A minute and a half passed like molasses.

"Signal," Philip said.

Mordecai swiftly undid the linkage between the cars with all the speed, skill, and silence he'd honed over the previous month. "Other side," he said to Actually Philip, and they stepped from the car that would be moving to the car that would not. Now Mordecai faced the scene with the chicken truck. She was still yelling and the security guards still surrounded her.

"Check the time, Innochka," Mordecai muttered. "Wrap it up."

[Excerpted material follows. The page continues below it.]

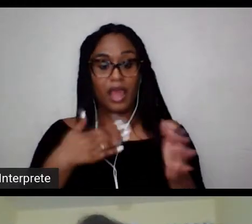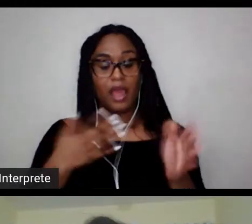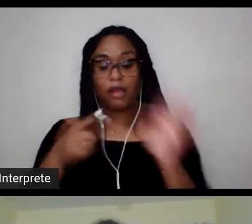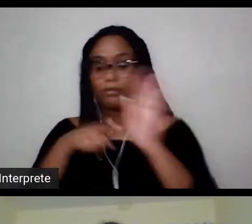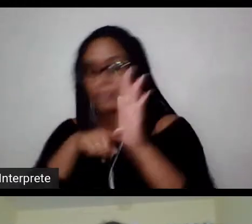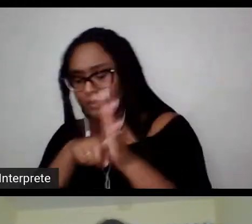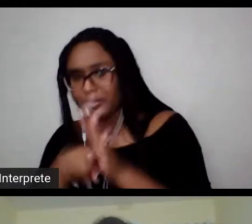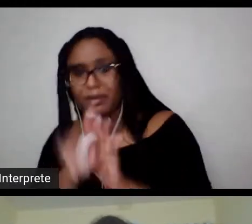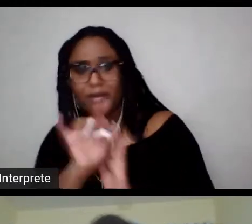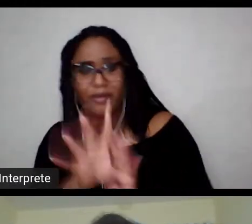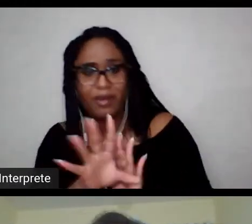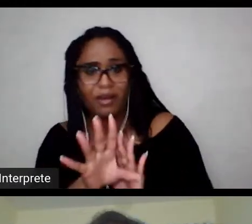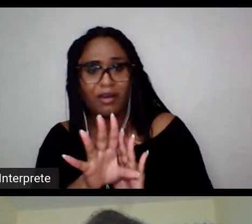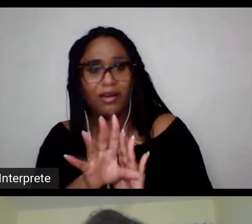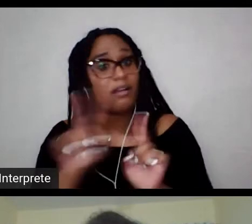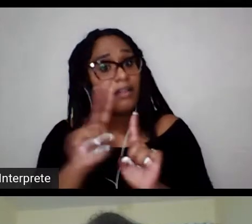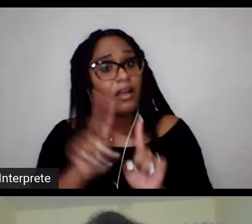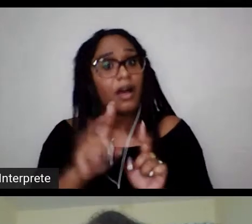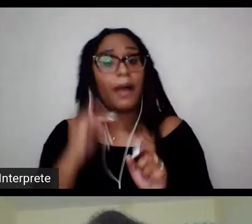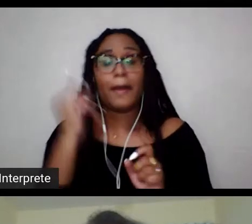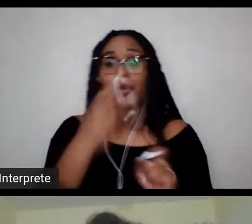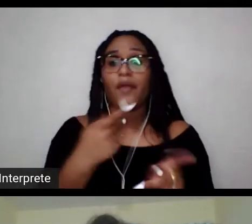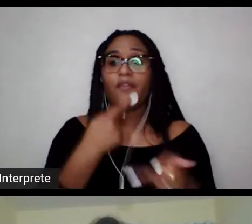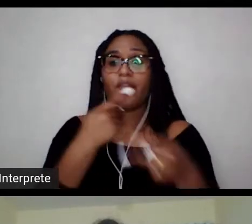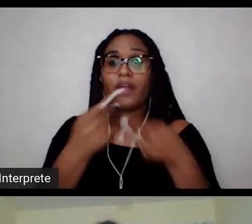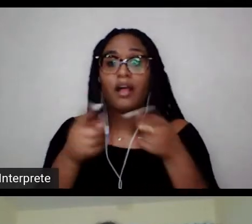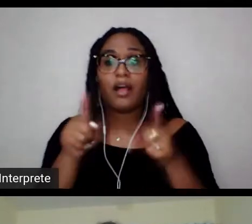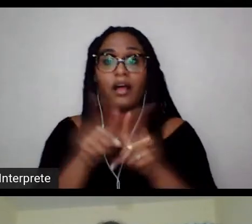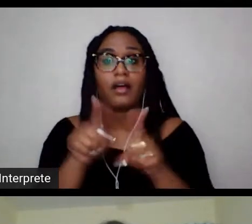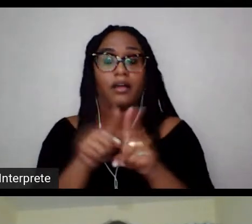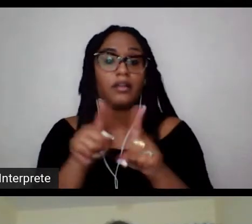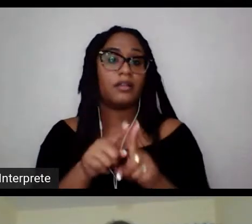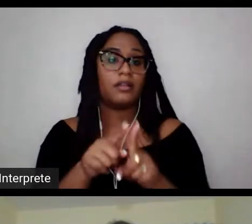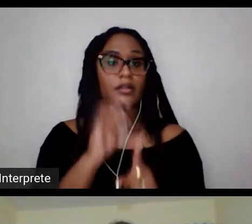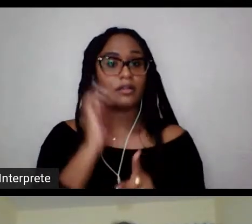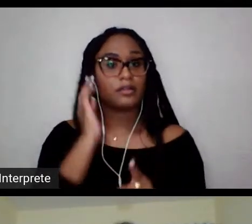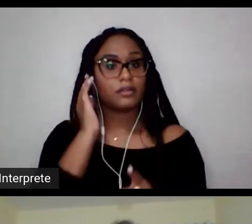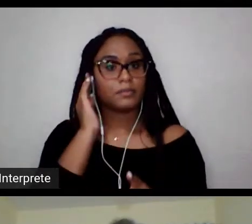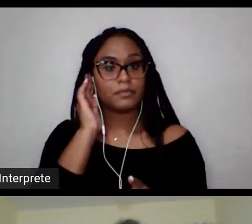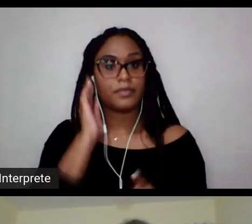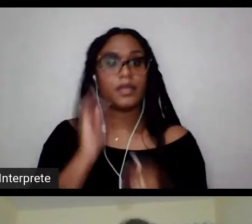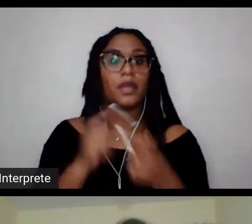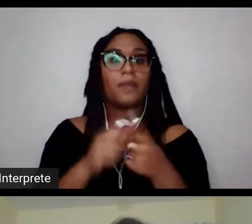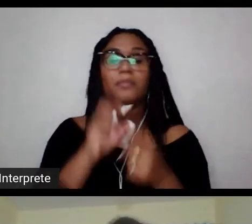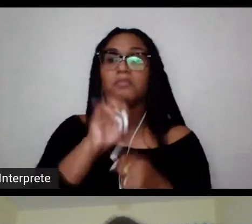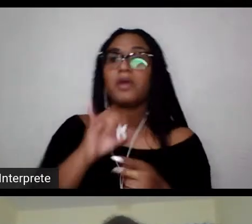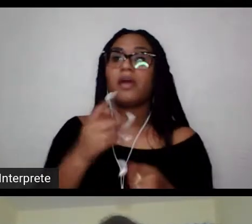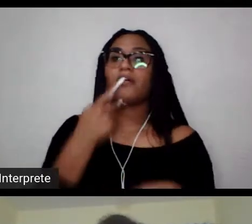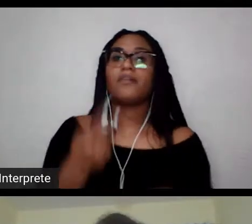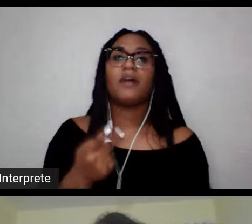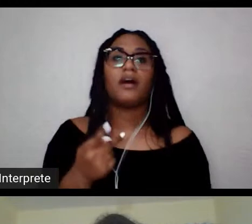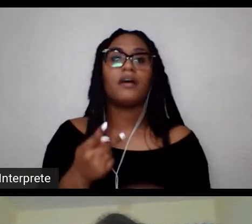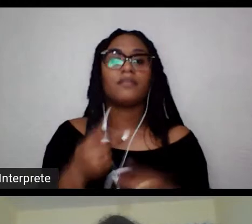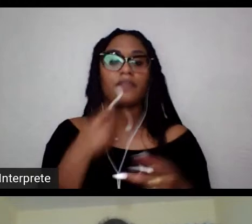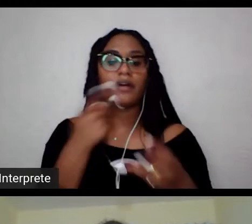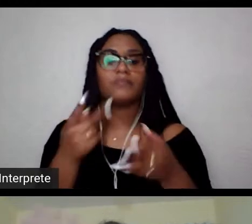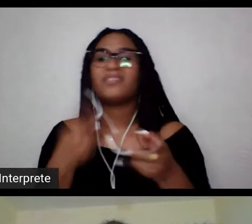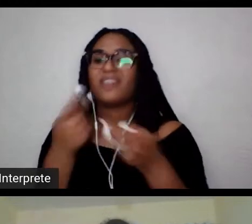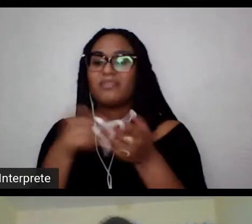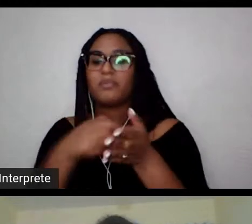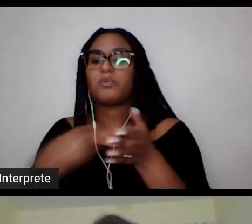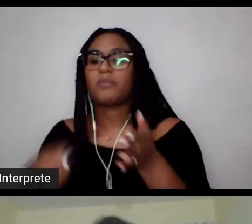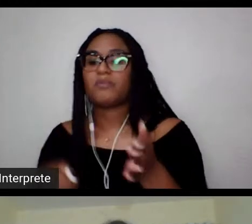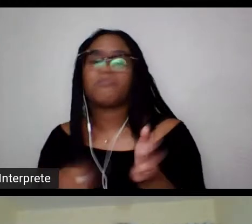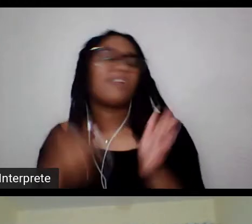como esse para mostrar o que a gente produz, porque senão o que a gente produz vai de novo para uma biblioteca ou para um

"No, no, no," Innochka moaned with shameless melodrama. "/ _The chickens are all he left me with!_ /"

"All right, this is ridiculous. Daryl, get back in there," one of the guards said. The conductor nodded and trotted back to the engine. "Look lady, either you're gonna move off these tracks or I'm gonna  _make you_  move, understand?" The guard said to her. "I got no compunction 'bout smackin' a broad what needs a smack, and I ain't ever seen one what needs a smack more than this one right now!"

"Ronald!"

"What? Broad needs to get ahold of herself!" He turned to Innochka. "Get up!" he shouted at her. "Get  _up,_ lady!"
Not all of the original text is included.